I’ve had this problem as long as I can remember. Now using Ubuntu 22.04 Beta and LXD 5.
I pass through all my physical NICs to a Openwrt container. This works fine the first time I boot the host. But when I try to restart the openwrt container with “lxc restart”, some of the parent NICs get renamed to something seemingly random like phys****** and lxc fails to start as parent NIC does not exist.
The phys****** adapter does have the correct MAC and has a property “altname” which does have the real interface name.
Would it be possible to passthrough the NIC with MAC instead of Ifname? Or is there anything else I could do to stop this behavior? I tried disabling Predictable Network Interface Names, but with this the NICs get renamed phys****** during host boot and the container wont start once.
Is it always the same parent NICs that get renamed?
Are there any conflicting interfaces on the parent when the container gets restarted?
Please can you show the output of lxc config show <instance> --expanded along with the output of ip a before and after the container has been started and then restarted.
I think it’s mostly the same one, but it’s a part of 4-port Ethernet card so I’m not sure it matters. There should not be any conflicts I think, when everything is working as it should, the host has only one interface visible, br0 everything physical goes to the container.
I will get back to you with logs when I get a chance, it will take some doing because of my config.
I should add that this does not happen every time, but I’ve started to just reboot the whole host when needed.
So I had a look at the liblxc source code and found this:
I wonder if NIC is clashing with another NIC inside the container and then not being renamed so that when its moved back LXD doesn’t recognise it to rename it back to its original name.
Name: router
Status: STOPPED
Type: container
Architecture: x86_64
Created: 2021/11/03 23:19 EET
Last Used: 2022/04/08 12:35 EEST
Log:
lxc router 20220408101124.376 WARN network - network.c:lxc_delete_network_priv:3617 - Failed to rename interface with index 2 from "eth3" to its initial name "enp4s0f0"
lxc router 20220408101124.379 WARN network - network.c:lxc_delete_network_priv:3617 - Failed to rename interface with index 3 from "eth4" to its initial name "enp4s0f1"
When the container is stopped LXC will move the network device back to the host. In order to that it will use a “transient” name which it has used during interface creation. It’s basically a low-effort way to avoid name collisions on the host when moving a network device back that usually has a high-collision probability name such as “eth0” in the container.
In the final step it is renamed from the transient name to its original name on the host. Since the rename step fails after the device has been moved back it makes it somewhat likely that it’s a naming collision, i.e. it’s original hostname has been taken by another device.
I guess I can test later, but I will always have multiple nics in the container, it is a router/switch after all.
That collision thing seems probable. If I disable Predictable Network Interface Names, Host nics stay as eth0 etc. instead of enps, and then the container wont start at all.

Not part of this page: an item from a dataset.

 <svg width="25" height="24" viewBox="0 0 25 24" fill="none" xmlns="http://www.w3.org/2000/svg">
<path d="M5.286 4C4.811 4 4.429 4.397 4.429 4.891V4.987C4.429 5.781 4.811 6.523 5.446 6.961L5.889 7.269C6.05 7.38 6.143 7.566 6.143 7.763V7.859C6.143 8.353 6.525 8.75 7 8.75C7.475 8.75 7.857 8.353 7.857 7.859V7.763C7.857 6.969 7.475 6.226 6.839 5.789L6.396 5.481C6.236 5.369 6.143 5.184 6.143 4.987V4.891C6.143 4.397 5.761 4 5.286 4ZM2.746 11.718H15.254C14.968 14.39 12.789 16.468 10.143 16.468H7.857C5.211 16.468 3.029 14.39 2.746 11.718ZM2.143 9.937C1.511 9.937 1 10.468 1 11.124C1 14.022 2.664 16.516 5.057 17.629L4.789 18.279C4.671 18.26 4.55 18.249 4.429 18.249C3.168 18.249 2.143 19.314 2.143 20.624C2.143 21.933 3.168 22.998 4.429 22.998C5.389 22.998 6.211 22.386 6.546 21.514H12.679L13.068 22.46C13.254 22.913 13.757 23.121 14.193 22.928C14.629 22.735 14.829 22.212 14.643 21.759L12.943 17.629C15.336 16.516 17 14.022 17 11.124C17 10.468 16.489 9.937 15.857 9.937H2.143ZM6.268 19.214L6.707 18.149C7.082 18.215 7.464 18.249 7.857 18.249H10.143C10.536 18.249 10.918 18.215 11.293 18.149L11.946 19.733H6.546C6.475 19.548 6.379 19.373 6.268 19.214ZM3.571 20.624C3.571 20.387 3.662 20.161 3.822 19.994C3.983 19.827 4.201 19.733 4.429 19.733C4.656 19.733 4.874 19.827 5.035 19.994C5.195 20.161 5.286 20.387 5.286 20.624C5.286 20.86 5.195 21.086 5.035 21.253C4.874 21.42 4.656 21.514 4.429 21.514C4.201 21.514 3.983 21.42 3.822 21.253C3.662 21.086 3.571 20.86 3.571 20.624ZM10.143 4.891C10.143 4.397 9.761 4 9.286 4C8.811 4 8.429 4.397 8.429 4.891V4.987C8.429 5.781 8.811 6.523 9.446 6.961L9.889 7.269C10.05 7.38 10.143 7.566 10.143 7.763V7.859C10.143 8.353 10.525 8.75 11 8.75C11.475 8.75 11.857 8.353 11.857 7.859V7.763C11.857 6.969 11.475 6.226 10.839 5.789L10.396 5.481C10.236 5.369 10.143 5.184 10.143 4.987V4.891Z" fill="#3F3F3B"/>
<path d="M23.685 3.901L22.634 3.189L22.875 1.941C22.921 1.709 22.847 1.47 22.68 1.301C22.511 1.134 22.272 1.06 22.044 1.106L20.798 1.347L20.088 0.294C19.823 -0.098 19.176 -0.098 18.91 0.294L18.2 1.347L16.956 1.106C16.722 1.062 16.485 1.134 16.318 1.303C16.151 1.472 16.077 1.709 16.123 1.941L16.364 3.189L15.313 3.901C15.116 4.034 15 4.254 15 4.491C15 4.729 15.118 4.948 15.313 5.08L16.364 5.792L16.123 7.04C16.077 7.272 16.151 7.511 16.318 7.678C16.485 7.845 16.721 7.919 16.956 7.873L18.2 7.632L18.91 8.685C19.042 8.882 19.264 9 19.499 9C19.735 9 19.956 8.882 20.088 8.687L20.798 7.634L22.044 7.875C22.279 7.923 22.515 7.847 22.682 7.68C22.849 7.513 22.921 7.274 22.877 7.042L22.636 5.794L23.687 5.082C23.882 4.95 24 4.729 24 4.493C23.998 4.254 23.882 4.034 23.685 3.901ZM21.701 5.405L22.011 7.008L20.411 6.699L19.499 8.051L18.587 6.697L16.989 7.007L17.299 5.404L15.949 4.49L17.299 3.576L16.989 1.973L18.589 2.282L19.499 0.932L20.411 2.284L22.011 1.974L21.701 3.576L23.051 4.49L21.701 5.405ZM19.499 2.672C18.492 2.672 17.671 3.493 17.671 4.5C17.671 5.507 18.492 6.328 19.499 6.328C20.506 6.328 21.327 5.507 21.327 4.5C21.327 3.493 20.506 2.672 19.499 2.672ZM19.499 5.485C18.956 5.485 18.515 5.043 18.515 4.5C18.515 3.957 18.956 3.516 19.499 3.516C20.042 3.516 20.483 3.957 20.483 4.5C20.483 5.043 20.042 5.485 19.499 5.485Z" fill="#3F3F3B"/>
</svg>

Perhaps I could try renaming container nics to eth01 etc do avoid collision.
Ok, I did test this by removing all but one physical NIC from the container and adding them back one by one. The problems start when adding the third one of four.
No idea, I have Ubuntu server with minimal extra packages. Predictable Network Interface Names does this on boot of course, but like I said before, If I disable that the LXC container wont start even once and I have those phys*** nics listed when it has tried.
I’m using only systemd-networkd with only br0 configured if that makes any difference. And I compile lxd from source, I don’t have snap installed.